Afficher Attention, je dévoile des éléments clés.Masquer Attention, je dévoile des éléments clés.

J'ai très vite été persuadée que Kya n'avait pas tué Chase. Certains éléments de son procès ont renforcé ma conviction. D'abord, il est prouvé qu'elle n'aurait pas eu le temps d'aller le tuer, puis de retourner à l'arrêt de bus pour prendre le véhicule en partance pour Greenville. Ensuite, s'il est établi qu'elle a pu sortir de l'hôtel de Greenville alors que le réceptionniste était occupé, comment aurait-elle pu choisir, pour y retourner, un autre instant où il était occupé? Elle ne pouvait rien voir de ses activités à moins d'entrer dans l'hôtel. Je trouve bien que Tate ait découvert la culpabilité de Kya après la mort de cette dernière, car il n'est pas obligé de se débattre entre son amour et sa conscience, mais j'aurais préféré que l'héroïne en fasse un récit circonstancié. Pourquoi l'a-t-elle tué? A-t-il réessayé de la violer? Comment se fait-il qu'elle n'ait jamais rien dit à Tate? Outre les incohérences que cela engendre par rapport à ce qui est démontré au procès, j'aurais voulu que quelqu'un d'autre (de préférence une personne que je n'aimais pas) soit coupable. Pour moi, ce meurtre ne va pas au caractère de Kya. Qu'elle l'ait tué sous le coup de la colère, parce qu'il tentait de la violer, j'aurais pu le comprendre. Mais ce meurtre était prémédité.

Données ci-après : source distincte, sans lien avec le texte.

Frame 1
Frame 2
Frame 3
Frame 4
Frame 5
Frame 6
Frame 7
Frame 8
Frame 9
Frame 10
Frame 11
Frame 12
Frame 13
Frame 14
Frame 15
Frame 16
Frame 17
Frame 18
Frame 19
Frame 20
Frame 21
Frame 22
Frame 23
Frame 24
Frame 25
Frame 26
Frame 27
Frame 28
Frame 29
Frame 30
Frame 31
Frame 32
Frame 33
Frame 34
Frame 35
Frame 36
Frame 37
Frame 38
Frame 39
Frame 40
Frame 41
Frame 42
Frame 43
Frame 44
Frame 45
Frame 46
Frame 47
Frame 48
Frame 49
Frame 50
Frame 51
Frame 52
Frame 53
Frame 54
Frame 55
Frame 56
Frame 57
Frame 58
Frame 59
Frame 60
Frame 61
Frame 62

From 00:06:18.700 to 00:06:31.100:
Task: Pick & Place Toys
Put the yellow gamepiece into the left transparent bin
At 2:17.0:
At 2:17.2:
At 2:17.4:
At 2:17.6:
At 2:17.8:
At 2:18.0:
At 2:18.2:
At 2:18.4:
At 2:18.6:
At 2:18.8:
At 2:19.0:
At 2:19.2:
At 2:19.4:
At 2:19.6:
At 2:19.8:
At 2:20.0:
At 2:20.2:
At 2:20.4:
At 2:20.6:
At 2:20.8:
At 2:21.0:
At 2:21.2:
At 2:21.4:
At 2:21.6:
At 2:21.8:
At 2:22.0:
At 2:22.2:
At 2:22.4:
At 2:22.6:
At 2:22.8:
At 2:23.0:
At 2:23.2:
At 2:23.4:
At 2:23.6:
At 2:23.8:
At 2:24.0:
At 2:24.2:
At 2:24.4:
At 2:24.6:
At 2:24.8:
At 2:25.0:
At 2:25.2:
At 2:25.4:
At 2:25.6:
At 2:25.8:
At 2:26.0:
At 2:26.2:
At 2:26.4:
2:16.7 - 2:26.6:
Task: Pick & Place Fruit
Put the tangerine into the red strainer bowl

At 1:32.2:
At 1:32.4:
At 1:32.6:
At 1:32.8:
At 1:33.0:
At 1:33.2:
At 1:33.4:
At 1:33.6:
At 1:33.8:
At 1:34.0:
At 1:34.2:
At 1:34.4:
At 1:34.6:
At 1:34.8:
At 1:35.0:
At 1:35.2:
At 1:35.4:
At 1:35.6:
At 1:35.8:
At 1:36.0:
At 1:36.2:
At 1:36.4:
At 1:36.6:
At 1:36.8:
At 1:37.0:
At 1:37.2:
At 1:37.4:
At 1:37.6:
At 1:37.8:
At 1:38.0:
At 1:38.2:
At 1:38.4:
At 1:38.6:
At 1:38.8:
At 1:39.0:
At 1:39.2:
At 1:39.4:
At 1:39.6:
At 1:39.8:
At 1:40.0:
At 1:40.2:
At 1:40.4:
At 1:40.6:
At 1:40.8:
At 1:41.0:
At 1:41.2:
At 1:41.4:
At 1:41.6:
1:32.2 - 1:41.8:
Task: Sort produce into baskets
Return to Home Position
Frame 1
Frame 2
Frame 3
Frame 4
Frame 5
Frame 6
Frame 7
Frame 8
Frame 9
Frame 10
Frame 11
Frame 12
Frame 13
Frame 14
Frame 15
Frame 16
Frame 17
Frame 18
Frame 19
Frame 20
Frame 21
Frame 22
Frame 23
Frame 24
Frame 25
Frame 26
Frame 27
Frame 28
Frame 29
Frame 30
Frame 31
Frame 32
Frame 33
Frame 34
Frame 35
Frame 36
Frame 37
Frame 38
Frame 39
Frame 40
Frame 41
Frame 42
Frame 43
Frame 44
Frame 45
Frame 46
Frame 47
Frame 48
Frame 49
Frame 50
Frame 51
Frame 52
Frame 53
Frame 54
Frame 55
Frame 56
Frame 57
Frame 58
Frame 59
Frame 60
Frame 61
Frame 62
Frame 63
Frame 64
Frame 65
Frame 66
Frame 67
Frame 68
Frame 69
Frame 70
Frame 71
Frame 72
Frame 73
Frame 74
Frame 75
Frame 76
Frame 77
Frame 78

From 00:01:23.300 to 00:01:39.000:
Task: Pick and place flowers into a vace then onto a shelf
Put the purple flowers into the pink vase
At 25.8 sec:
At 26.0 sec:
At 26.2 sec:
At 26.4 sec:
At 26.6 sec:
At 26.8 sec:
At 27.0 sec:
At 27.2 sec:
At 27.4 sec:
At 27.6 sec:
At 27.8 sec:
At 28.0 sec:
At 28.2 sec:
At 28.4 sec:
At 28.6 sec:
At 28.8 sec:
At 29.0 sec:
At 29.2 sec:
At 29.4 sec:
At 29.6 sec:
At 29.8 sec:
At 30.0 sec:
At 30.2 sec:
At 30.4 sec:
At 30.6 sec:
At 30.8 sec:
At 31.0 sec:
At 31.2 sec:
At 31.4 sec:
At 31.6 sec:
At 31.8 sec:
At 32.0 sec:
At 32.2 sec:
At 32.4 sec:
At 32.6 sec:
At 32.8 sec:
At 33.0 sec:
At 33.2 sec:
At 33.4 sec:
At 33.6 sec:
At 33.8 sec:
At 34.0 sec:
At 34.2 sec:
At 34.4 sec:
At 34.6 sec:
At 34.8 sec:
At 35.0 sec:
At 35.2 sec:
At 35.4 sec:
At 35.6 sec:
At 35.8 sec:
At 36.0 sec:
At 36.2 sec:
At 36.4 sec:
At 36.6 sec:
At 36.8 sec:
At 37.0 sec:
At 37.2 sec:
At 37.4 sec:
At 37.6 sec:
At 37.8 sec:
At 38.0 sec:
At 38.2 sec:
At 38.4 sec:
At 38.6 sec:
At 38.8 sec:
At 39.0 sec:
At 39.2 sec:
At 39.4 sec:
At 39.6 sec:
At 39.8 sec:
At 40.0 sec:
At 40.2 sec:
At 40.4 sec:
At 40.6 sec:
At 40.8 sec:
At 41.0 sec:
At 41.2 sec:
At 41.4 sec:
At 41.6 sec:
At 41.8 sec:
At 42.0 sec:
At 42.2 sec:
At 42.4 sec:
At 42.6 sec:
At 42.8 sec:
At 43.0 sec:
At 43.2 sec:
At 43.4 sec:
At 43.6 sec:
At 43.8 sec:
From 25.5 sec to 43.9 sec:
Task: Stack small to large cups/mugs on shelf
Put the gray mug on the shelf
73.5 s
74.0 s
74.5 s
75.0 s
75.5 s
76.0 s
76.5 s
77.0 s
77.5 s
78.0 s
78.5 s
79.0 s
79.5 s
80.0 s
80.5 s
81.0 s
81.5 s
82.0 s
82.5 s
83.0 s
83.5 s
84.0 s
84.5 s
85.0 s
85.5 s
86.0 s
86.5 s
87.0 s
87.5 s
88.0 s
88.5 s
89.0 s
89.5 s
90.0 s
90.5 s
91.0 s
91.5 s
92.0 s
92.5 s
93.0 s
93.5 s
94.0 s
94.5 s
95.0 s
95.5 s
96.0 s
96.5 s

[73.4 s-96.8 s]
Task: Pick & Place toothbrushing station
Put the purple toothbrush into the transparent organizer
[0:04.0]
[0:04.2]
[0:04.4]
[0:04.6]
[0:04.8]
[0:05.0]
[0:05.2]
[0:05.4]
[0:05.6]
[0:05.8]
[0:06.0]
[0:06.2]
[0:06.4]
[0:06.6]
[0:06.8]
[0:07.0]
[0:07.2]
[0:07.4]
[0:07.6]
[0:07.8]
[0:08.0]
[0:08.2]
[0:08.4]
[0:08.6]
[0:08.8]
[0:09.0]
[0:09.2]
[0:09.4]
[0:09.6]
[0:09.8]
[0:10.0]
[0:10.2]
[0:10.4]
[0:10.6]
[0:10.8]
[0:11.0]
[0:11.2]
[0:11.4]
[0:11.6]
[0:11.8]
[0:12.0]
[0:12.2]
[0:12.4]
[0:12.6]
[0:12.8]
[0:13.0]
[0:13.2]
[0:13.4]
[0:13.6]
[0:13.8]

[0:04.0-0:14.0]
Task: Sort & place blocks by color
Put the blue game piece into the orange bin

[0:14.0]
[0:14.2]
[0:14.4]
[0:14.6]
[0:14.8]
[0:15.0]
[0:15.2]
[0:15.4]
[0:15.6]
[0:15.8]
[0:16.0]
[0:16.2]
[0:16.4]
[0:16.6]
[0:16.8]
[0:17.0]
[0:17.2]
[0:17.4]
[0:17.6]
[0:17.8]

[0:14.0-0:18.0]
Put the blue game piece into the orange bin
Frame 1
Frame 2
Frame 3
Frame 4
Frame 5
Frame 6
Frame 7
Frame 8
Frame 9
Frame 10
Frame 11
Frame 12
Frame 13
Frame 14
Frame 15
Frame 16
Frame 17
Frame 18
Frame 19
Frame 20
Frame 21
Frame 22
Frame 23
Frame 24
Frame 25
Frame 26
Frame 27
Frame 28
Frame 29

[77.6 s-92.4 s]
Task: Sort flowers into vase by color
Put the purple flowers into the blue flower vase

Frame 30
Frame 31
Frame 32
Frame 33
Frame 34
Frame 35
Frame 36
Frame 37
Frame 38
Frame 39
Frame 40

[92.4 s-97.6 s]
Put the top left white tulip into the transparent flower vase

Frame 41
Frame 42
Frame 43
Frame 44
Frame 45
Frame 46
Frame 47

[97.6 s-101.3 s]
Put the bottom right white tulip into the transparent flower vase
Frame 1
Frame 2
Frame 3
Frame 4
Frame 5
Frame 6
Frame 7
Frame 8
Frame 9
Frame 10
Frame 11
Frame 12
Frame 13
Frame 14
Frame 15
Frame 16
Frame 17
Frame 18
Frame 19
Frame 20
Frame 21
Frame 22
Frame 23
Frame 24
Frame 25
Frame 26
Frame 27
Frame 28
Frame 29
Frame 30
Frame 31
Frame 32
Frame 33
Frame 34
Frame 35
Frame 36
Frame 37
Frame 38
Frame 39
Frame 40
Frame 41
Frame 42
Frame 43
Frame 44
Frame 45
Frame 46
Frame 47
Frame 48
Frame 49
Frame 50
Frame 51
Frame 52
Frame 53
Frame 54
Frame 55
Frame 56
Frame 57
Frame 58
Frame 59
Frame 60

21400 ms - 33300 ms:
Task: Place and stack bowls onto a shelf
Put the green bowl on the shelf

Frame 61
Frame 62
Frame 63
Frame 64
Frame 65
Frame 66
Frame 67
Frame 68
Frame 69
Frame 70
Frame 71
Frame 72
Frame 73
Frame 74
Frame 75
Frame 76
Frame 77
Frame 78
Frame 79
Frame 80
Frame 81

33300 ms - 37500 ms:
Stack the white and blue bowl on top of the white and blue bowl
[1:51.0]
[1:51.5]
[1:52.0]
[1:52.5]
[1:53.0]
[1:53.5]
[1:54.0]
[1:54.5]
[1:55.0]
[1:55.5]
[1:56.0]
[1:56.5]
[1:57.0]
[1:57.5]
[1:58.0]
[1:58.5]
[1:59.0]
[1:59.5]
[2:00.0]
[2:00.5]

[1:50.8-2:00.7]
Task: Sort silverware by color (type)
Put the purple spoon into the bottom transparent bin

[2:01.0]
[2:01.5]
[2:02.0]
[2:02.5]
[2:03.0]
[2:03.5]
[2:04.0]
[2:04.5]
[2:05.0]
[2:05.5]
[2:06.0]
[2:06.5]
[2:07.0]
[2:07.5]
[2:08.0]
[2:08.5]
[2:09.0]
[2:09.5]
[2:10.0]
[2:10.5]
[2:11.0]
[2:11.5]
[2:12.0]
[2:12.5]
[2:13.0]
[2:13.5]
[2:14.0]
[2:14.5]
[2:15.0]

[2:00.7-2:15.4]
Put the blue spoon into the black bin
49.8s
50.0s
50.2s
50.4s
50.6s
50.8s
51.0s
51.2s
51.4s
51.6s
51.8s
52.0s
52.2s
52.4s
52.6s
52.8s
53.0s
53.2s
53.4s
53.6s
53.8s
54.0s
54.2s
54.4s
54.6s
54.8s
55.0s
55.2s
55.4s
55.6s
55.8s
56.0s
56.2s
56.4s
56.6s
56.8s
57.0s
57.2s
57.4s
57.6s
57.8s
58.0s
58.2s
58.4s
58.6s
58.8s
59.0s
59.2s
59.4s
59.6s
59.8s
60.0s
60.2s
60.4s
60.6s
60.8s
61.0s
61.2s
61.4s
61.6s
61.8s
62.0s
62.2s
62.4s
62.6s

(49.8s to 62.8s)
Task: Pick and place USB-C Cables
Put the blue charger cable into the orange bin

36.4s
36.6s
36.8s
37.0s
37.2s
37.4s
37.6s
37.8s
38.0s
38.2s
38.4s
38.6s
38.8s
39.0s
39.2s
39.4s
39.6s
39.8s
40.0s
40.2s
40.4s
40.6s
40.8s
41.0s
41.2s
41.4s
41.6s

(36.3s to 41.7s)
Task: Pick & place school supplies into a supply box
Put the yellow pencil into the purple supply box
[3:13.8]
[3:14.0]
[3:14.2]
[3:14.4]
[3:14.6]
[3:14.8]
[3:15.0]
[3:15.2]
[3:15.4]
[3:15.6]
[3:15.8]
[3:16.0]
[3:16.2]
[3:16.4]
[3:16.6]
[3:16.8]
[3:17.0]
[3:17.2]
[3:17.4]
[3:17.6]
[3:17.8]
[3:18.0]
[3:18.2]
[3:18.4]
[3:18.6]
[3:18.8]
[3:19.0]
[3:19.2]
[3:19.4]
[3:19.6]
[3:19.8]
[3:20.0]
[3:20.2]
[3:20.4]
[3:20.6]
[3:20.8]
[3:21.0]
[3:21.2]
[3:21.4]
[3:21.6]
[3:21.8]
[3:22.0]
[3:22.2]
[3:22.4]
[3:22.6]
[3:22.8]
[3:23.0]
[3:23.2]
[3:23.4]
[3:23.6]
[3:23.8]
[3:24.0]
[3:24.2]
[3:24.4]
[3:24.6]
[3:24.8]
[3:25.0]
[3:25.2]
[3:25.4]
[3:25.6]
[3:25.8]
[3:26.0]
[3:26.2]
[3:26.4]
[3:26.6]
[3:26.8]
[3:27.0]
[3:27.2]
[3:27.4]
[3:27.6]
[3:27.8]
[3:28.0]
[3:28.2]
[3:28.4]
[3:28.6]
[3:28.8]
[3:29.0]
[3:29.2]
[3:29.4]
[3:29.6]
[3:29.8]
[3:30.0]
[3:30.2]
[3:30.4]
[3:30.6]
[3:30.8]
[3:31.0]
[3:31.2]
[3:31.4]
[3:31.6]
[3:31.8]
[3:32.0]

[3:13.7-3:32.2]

Un roman abouti, des personnages réalistes (malgré mes petits reproches), une intrigue sans temps morts.

La version audio que j'ai entendue a été enregistrée par Cassandra Campbell pour les éditions Penguin Random House Audio.

Comme d'habitude, Cassandra Campbell est parfaitement entrée dans la peau des personnages, les jouant sans cabotiner. Je n'ai pas aimé qu'elle prenne un accent de Caroline du Nord, mais je comprends qu'elle l'ait fait. En outre, cela n'était pas absolument désagréable.